#### Work to be completed
Copy each line of the records below that mentions the word "fern".

#### Source records
- Opening Delimiter -
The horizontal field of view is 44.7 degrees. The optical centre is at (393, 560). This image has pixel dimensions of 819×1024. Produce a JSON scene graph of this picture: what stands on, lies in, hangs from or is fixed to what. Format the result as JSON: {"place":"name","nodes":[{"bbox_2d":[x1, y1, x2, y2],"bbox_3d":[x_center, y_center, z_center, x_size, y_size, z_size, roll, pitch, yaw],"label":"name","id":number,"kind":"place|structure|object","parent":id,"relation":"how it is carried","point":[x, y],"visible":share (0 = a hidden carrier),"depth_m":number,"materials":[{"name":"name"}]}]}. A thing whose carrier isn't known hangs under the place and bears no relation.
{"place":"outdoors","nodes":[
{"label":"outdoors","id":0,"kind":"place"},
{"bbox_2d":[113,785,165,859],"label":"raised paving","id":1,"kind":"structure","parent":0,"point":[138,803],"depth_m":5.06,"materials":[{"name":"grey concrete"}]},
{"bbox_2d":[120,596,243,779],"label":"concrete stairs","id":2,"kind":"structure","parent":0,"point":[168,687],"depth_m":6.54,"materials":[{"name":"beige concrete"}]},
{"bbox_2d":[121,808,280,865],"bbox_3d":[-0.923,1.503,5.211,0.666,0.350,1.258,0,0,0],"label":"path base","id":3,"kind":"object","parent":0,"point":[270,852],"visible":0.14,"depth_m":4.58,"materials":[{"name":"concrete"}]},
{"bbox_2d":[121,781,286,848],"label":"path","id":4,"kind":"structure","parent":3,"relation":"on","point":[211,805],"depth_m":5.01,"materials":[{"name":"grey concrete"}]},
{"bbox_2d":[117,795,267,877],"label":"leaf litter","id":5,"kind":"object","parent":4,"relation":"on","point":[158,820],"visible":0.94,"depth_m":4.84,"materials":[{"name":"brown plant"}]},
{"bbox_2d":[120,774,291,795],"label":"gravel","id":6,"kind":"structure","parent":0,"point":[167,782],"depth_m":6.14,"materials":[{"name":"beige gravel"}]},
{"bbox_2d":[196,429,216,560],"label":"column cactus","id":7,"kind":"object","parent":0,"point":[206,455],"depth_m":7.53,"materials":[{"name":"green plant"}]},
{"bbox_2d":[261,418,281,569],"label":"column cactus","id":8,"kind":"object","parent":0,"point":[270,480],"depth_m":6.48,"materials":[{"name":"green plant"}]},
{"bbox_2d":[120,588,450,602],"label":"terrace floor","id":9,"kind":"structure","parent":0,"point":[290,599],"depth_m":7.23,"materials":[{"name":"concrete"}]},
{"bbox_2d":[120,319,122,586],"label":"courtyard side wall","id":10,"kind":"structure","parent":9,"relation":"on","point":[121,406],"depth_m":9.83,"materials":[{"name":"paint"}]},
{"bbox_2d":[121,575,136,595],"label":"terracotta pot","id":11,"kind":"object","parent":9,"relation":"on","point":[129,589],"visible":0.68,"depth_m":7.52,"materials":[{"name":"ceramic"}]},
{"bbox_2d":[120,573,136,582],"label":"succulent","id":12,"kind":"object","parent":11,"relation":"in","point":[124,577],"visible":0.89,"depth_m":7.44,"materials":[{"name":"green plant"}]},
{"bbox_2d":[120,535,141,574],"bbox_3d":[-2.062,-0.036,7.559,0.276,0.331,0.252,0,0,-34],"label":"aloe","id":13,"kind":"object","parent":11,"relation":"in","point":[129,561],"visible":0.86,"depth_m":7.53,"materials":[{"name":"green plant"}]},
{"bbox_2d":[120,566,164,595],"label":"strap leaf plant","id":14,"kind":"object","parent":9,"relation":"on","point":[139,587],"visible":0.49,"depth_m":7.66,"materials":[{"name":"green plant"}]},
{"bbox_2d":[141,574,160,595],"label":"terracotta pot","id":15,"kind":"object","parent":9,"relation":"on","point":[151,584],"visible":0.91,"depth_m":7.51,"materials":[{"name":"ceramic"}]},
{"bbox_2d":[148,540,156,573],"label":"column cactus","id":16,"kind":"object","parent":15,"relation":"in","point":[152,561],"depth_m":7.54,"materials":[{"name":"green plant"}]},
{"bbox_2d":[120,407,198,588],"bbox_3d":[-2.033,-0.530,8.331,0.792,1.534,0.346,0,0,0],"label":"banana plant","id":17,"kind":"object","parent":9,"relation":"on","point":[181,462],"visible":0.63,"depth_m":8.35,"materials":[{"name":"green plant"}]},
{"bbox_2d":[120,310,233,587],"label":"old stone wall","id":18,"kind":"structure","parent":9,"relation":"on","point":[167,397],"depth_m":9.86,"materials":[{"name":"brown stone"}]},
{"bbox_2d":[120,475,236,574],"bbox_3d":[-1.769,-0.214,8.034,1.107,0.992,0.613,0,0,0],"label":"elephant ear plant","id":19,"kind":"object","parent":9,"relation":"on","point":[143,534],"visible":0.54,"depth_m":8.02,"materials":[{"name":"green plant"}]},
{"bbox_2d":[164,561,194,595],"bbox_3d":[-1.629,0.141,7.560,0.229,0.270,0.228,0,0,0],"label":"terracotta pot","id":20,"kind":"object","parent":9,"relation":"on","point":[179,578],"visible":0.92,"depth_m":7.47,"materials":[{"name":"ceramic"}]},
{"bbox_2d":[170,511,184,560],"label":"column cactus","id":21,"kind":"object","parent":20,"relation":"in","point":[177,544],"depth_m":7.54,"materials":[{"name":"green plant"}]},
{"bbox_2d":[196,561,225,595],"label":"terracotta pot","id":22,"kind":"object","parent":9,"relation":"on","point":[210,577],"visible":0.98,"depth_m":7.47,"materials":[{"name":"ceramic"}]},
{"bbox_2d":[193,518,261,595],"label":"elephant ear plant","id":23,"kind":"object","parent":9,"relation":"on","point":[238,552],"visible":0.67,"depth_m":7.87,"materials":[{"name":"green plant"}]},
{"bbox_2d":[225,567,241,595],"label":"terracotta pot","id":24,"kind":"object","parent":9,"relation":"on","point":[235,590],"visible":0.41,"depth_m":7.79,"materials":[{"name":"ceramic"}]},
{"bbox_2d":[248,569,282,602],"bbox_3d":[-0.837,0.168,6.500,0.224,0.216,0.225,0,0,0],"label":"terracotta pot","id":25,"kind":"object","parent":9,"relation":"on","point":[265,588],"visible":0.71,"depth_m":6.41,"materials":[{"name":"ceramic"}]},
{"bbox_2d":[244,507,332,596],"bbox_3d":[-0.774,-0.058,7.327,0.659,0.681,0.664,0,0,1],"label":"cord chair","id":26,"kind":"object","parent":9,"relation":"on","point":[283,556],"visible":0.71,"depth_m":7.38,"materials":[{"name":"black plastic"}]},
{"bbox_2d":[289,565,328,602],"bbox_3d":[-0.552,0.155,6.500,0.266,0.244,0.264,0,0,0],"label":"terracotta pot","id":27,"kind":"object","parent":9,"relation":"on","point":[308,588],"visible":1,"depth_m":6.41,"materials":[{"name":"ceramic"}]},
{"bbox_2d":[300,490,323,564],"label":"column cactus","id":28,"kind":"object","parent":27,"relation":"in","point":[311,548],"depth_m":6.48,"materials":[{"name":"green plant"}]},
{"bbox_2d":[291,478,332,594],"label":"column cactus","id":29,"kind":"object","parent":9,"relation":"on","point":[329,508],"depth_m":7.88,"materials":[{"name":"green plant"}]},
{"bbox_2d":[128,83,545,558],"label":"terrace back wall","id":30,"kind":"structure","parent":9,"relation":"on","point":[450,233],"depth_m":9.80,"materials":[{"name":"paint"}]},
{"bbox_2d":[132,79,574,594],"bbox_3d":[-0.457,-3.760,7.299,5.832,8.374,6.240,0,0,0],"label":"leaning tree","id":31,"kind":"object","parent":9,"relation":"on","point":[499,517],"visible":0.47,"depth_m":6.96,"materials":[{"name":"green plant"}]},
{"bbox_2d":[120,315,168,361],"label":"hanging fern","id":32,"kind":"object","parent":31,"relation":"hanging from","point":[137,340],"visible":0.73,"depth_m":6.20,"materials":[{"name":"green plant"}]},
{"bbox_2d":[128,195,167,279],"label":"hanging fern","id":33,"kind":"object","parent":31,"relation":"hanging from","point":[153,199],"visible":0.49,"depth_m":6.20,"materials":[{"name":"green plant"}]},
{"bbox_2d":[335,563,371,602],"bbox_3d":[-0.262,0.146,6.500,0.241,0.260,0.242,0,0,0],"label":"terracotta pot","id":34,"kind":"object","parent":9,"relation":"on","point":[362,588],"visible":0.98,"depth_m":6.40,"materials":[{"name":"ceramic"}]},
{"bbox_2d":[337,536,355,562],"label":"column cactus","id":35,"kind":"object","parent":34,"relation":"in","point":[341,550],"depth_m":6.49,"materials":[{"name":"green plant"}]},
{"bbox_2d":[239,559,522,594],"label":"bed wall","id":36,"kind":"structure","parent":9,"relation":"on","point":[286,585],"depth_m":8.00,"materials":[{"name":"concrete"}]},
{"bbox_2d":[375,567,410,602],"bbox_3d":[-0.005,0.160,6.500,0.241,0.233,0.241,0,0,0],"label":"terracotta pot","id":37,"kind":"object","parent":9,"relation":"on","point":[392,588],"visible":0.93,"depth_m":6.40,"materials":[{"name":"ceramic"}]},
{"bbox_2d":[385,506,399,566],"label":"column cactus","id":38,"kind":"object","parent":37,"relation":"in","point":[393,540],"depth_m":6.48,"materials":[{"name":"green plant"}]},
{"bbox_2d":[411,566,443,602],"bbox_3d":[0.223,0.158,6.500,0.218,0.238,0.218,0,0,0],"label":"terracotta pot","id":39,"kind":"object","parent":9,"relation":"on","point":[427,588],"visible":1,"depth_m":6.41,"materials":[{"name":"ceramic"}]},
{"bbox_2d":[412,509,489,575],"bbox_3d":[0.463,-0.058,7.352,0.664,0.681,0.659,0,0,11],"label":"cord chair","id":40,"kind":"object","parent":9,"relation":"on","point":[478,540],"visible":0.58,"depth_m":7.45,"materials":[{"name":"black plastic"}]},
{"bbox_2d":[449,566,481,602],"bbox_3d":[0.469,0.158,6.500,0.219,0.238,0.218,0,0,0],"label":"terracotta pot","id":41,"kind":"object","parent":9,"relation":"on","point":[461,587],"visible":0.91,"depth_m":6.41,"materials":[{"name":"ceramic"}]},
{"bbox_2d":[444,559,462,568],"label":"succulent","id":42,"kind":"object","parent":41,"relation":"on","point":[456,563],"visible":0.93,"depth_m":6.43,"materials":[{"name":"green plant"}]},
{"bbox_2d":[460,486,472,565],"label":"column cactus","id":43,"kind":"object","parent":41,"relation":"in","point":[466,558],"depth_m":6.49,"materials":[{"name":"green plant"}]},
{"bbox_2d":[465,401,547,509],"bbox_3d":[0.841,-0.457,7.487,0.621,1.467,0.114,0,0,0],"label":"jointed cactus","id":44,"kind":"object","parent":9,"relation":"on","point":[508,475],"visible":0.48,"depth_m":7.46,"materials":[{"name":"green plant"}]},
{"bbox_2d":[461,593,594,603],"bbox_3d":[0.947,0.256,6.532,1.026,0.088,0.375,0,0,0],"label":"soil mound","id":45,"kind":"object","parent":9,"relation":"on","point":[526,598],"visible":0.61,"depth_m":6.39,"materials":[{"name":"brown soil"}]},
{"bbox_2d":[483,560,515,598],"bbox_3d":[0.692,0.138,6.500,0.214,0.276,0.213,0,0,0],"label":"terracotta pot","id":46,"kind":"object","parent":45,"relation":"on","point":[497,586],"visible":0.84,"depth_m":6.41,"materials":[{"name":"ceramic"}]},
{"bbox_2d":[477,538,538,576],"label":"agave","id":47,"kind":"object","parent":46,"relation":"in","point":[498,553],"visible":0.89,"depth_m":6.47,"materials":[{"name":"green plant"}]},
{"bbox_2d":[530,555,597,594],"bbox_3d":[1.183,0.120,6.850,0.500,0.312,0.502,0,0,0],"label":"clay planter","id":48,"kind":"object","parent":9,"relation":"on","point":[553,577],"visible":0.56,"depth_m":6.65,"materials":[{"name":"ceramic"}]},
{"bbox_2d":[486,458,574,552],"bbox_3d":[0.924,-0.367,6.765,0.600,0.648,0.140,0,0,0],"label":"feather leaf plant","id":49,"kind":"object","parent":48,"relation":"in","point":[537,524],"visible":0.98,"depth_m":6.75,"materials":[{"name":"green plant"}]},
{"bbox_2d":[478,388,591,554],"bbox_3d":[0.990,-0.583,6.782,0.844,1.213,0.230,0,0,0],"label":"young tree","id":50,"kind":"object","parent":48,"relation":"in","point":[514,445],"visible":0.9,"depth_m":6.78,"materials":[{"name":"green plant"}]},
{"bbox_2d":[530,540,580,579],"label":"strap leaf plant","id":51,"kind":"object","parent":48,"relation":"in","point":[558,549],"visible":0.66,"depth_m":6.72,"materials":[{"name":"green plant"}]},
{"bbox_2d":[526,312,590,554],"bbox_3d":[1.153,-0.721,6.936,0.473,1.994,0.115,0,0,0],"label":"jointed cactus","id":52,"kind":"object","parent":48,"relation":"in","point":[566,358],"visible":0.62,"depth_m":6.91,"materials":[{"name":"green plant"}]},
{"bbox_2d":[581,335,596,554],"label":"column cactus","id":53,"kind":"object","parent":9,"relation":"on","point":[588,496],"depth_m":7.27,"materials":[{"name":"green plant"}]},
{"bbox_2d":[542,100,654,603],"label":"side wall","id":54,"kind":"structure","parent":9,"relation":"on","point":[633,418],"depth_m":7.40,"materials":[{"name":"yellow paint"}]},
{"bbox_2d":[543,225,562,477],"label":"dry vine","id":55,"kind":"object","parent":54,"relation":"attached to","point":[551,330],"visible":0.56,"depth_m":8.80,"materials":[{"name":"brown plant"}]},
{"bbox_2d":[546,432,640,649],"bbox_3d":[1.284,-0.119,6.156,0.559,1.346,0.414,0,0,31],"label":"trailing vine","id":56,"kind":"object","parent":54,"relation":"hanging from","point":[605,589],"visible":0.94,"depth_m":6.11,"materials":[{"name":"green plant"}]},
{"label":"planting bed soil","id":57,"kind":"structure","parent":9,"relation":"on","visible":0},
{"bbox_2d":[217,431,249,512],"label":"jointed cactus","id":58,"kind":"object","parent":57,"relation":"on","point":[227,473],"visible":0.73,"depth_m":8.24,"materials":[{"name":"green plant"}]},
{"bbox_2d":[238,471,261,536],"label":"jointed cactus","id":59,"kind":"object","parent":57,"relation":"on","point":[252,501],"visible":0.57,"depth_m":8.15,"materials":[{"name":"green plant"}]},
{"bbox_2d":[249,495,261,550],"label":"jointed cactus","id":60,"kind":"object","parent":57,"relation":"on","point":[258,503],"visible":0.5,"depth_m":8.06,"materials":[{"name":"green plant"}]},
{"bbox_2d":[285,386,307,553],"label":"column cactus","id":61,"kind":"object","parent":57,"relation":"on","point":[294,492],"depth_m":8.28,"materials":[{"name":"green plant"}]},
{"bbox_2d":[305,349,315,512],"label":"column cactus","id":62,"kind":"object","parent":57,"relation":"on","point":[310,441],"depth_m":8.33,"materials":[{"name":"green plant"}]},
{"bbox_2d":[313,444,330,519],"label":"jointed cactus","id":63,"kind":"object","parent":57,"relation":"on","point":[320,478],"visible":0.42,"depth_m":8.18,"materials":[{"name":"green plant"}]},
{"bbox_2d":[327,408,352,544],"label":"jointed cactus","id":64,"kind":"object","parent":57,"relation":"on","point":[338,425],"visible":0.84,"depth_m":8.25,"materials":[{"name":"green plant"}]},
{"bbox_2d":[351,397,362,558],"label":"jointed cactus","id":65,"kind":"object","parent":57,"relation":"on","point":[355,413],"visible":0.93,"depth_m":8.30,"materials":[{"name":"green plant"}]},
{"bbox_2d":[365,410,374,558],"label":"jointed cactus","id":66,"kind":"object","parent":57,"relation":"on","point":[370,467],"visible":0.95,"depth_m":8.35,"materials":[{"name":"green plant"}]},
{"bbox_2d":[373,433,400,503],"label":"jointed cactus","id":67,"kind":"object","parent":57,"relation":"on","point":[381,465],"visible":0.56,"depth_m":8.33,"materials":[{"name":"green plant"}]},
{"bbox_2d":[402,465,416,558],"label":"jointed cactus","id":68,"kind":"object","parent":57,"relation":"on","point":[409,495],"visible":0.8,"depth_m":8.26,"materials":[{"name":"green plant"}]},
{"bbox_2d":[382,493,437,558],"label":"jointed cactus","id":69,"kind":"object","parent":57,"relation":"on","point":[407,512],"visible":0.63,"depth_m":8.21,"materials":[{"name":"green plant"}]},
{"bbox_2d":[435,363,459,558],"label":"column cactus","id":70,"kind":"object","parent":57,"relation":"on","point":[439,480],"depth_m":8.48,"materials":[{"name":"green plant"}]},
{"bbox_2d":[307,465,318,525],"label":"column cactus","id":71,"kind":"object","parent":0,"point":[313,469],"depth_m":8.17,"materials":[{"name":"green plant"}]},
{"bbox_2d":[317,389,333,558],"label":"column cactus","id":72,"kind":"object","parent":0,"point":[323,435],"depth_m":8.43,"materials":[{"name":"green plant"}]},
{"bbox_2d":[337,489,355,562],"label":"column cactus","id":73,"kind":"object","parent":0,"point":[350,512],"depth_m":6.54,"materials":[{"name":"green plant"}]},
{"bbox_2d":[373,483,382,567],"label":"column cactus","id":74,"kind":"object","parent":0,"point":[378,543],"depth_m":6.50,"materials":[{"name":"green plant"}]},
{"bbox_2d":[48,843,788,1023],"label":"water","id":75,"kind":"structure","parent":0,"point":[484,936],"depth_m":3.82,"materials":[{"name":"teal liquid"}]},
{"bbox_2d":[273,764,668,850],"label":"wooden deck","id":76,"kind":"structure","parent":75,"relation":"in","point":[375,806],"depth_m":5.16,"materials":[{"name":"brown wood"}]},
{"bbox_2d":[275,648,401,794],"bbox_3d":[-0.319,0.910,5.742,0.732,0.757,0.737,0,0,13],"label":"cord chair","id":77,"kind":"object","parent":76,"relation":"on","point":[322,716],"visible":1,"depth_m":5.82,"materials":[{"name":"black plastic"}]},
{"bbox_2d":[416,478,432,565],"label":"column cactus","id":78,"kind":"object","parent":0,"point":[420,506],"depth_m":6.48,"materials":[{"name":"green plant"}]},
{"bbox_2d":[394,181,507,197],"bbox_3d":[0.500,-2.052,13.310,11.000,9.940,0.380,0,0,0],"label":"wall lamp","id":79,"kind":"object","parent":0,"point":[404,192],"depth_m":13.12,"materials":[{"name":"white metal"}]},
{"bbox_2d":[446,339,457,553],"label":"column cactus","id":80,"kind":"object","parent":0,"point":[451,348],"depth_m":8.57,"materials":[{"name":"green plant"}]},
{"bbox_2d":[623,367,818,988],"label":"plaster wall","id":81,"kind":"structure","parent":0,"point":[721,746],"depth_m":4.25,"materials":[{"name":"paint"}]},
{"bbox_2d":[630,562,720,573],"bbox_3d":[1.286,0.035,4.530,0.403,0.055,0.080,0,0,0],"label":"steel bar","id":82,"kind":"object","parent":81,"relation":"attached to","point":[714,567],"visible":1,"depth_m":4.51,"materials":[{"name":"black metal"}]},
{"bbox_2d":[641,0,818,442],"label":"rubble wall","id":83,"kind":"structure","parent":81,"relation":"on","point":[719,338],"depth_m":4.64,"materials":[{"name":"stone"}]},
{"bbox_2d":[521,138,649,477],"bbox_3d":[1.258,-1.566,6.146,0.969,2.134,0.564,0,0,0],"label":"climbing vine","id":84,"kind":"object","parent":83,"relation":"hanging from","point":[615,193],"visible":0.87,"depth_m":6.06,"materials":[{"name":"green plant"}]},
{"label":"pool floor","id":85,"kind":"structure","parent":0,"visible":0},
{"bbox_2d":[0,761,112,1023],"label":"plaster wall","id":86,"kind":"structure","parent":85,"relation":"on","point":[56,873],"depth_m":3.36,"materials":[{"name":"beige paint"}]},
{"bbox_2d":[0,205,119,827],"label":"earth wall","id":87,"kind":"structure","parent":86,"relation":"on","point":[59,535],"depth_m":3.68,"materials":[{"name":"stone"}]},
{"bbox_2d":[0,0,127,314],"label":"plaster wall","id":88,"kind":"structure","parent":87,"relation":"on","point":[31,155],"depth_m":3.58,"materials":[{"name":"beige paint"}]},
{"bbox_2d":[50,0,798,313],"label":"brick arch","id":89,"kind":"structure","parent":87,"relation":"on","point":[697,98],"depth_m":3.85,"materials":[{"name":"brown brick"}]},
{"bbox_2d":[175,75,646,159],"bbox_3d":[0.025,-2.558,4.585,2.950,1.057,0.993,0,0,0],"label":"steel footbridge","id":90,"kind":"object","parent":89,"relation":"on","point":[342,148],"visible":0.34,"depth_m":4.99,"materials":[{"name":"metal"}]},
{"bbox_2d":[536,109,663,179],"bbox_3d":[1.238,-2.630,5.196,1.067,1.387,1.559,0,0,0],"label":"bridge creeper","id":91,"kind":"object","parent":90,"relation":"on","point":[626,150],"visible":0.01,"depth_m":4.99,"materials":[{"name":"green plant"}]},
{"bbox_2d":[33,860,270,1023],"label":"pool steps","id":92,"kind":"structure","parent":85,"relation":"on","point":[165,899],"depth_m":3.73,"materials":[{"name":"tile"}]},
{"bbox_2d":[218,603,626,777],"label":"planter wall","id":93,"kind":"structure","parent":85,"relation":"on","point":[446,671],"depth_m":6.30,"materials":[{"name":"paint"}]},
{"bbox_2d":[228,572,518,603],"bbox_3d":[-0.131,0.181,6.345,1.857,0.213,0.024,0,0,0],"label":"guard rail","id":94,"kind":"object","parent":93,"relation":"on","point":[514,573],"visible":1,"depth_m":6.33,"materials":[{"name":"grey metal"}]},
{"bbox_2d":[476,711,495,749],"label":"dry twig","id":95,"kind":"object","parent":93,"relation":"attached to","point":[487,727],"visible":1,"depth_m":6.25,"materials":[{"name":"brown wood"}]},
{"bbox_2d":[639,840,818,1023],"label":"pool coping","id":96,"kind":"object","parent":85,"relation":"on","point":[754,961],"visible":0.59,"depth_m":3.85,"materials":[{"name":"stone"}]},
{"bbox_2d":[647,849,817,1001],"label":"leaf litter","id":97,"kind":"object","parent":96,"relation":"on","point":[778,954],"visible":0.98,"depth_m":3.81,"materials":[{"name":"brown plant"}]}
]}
- Closing Delimiter -
#### Exercise output
{"bbox_2d":[120,315,168,361],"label":"hanging fern","id":32,"kind":"object","parent":31,"relation":"hanging from","point":[137,340],"visible":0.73,"depth_m":6.20,"materials":[{"name":"green plant"}]},
{"bbox_2d":[128,195,167,279],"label":"hanging fern","id":33,"kind":"object","parent":31,"relation":"hanging from","point":[153,199],"visible":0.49,"depth_m":6.20,"materials":[{"name":"green plant"}]},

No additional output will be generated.